03 June 2017

Been shoppin'

The lure of the "my waitrose" card, with free coffee and the price of the newspaper taken out of the rest of the shopping, sends me to that supermarket on a Saturday morning - the weekly shop at Waitrose was a comforting(?) ritual while I was living in Kensal Rise, a sort of continuation of "the old life" with Tony, and now it's another punctuation point for the week. Drawing Tuesdays, Shopping Saturdays - they anchor the days.

It's a short walk to the store in Crouch End, but ... "how you gonna keep 'em down on the farm after they've seen Paree"? The store on Finchley Road, the old haunt, has so much more space, so much more stock.

I love to look at all the wonderful things that are available, including the things I feel ever-so-virtuous about not buying. (Pastries; most meat; overpriced olives; overpackaged anything.)

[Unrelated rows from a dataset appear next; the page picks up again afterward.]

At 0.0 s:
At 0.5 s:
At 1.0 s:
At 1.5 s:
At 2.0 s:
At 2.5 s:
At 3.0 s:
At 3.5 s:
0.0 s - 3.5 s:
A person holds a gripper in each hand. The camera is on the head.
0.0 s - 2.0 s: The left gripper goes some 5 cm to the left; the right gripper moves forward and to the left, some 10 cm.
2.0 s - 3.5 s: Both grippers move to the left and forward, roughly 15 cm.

Another factor of enjoyment is the building that houses the Finchley Road store. It used to house a branch of John Lewis - John Barnes - in whose fabric department, in 1975 or 76, I bought bright green fabric for making the roller blinds in the kitchen in the Yorkshire house - a north-facing kitchen that had cheerful yellow formica counters and a (hard, cold) quarry tile floor - remember how fashionable quarry tiles were? remember those kits for making roller blinds?

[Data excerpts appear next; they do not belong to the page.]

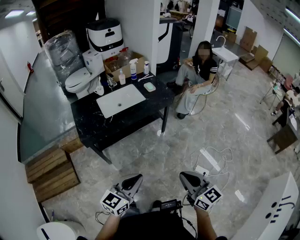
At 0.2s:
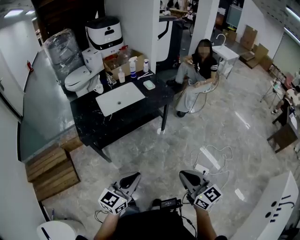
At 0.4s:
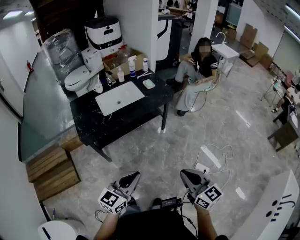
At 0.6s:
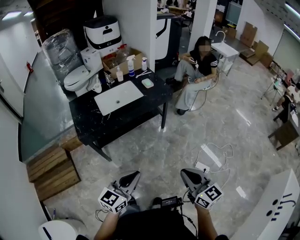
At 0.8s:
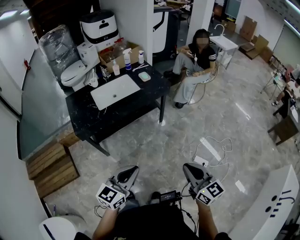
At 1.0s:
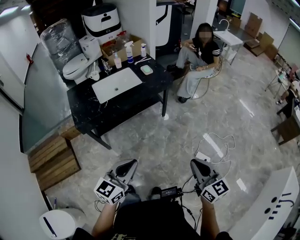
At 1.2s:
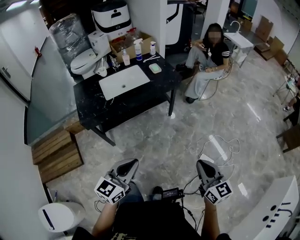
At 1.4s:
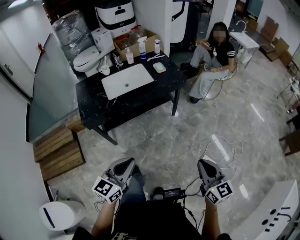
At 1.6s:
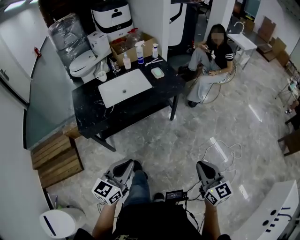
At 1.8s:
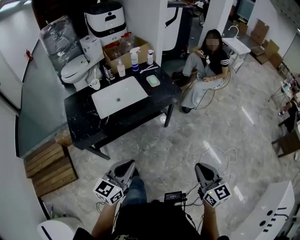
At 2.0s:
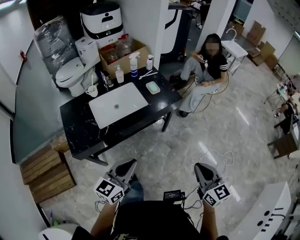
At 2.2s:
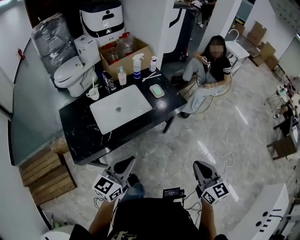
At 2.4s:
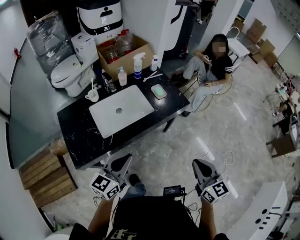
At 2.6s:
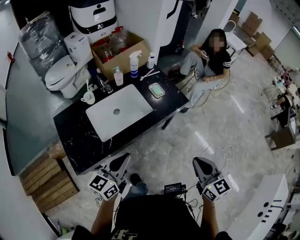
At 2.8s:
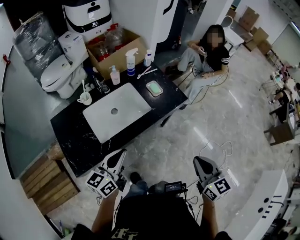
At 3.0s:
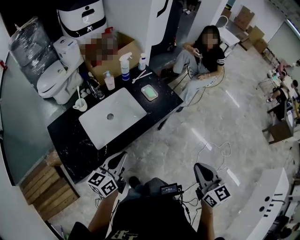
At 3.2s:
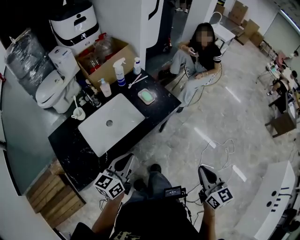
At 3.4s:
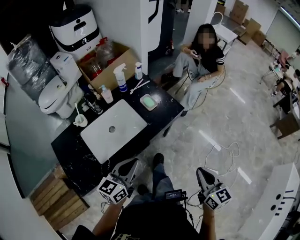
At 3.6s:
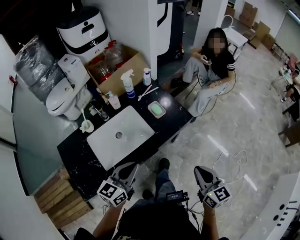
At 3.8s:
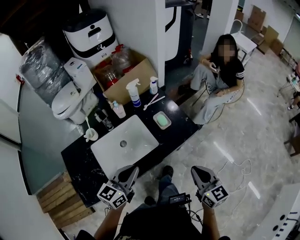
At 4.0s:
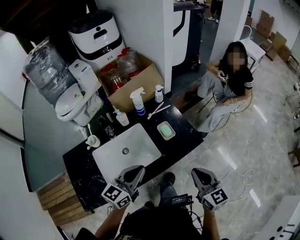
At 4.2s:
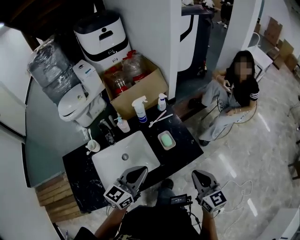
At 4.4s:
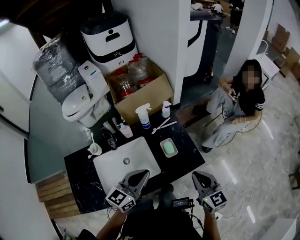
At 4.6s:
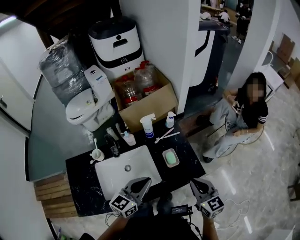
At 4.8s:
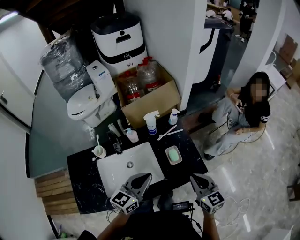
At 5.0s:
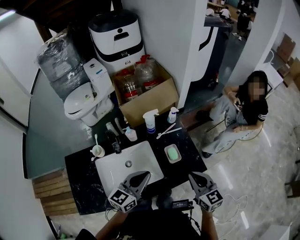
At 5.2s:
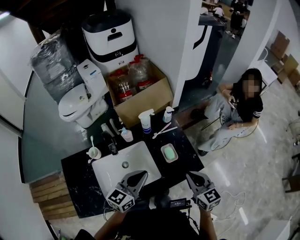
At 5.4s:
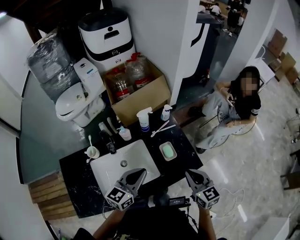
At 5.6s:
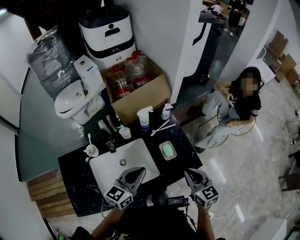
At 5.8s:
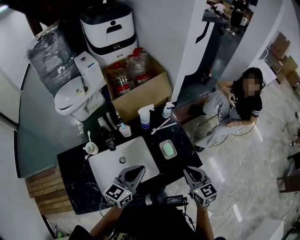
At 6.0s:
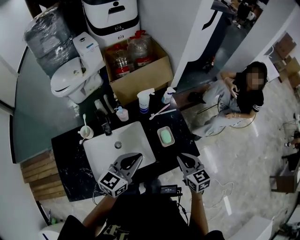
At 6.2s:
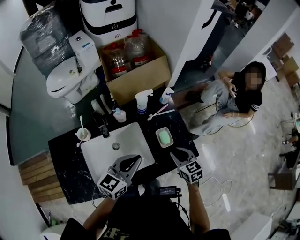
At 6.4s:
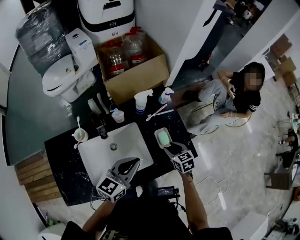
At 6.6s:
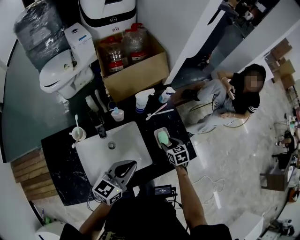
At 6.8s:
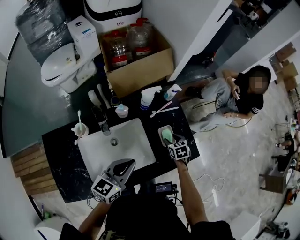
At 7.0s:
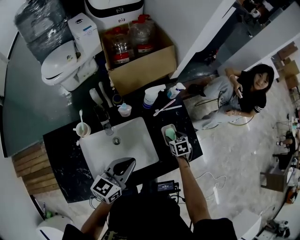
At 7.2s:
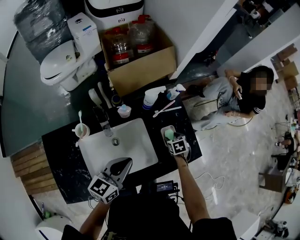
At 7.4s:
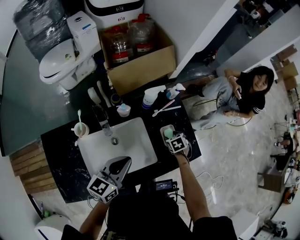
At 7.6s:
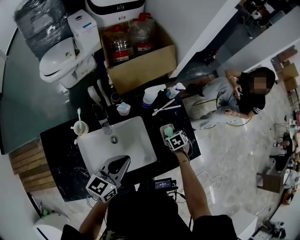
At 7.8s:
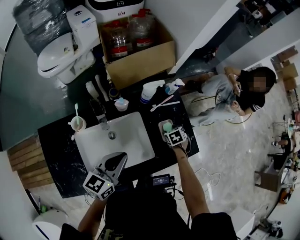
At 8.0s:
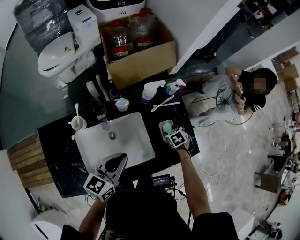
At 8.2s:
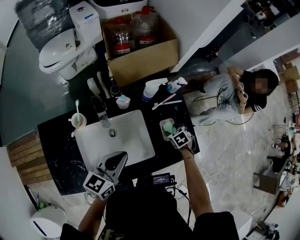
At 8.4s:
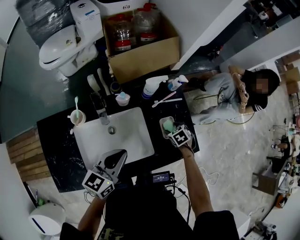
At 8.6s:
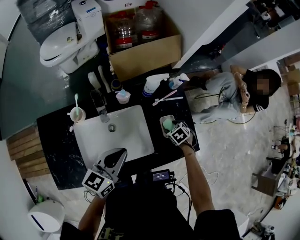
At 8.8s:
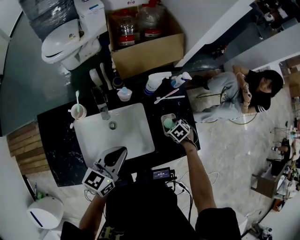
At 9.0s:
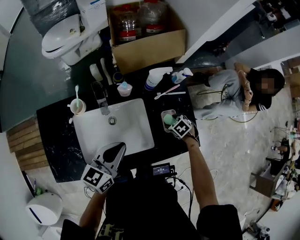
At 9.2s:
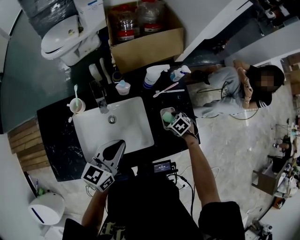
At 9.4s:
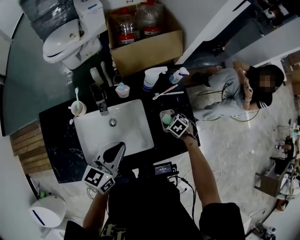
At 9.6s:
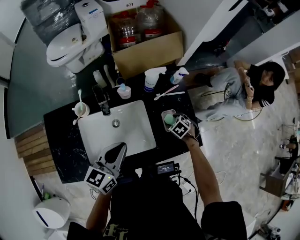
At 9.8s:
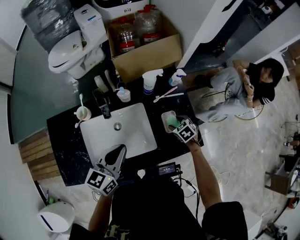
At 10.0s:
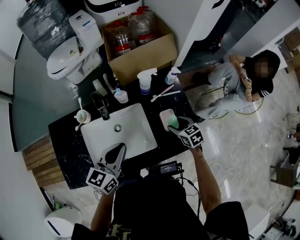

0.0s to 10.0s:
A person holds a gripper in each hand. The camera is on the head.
0.0s to 1.4s: The right gripper moves to the right and forward, roughly 15 cm; the left gripper shifts some 5 cm forward.
1.4s to 2.8s: The grippers both shift forward and to the left by about 40 cm. The left gripper turns by roughly 20 degrees.
2.8s to 4.2s: Both grippers move forward, about 30 cm.
4.2s to 5.8s: The two grippers go some 10 cm forward.
5.8s to 7.2s: The right gripper heads downward and forward, covering approximately 30 cm, tips its fingers downward by roughly 40 degrees, and opens up. The left gripper shifts roughly 10 cm to the left and downward.
7.2s to 8.6s: The right gripper turns by approximately 30 degrees.
8.6s to 10.0s: The right gripper goes some 10 cm upward, and tips its fingers upward by roughly 30 degrees.

the building looks to be 1930s; it is rumoured that "back in the day" the company looked after its employees and housed some staff there, and that there was a swimming pool in the basement (the basement is now a parking lot for Waitrose customers, with pillars inconveniently located). It's a rather desirable address.
A little research (in wikipedia) finds that the John Barnes store was opened in 1900 and "occupied the site of 14 shops and several houses and included a central passenger lift. The store occupied four of the floors, and there was accommodation for over 400 members of staff." It started making profits in 1905, and became part of the John Lewis group in 1940. "In 1926, the business was purchased by the newly formed Selfridge Provincial Stores group. With the purchase major changes were brought in to modernise the business, including no staff living on the premises. The business was so successful that in 1935 the store was completely rebuilt in the fashionable style of the time by a design from architect T P Bennett. The new store was located on three of the eight floors, with 96 flats on the upper five floors." The opening of a John Lewis at Brent Cross shopping centre in 1976 affected business, and John Barnes closed in January 1981; Waitrose opened on the ground floor in February 1981 (it had been in the basement).
Heading home with heavy bags

1 comment:

reensstitcher said...

Nice to learn the history of this building which I used to pass as I went about my work for the ILEA. However, we were always South Londoners so Pratts of Streatham was my equivalent. We still have the dining room table we bought there - probably about 1978. And I remember how I first heard about Peter Jones from a flatmate who told me in 1970 that it had been King George VI's favourite shop Until then I thought Selfridges and Liberty were the only places but I quickly became a JL fan and have remained so.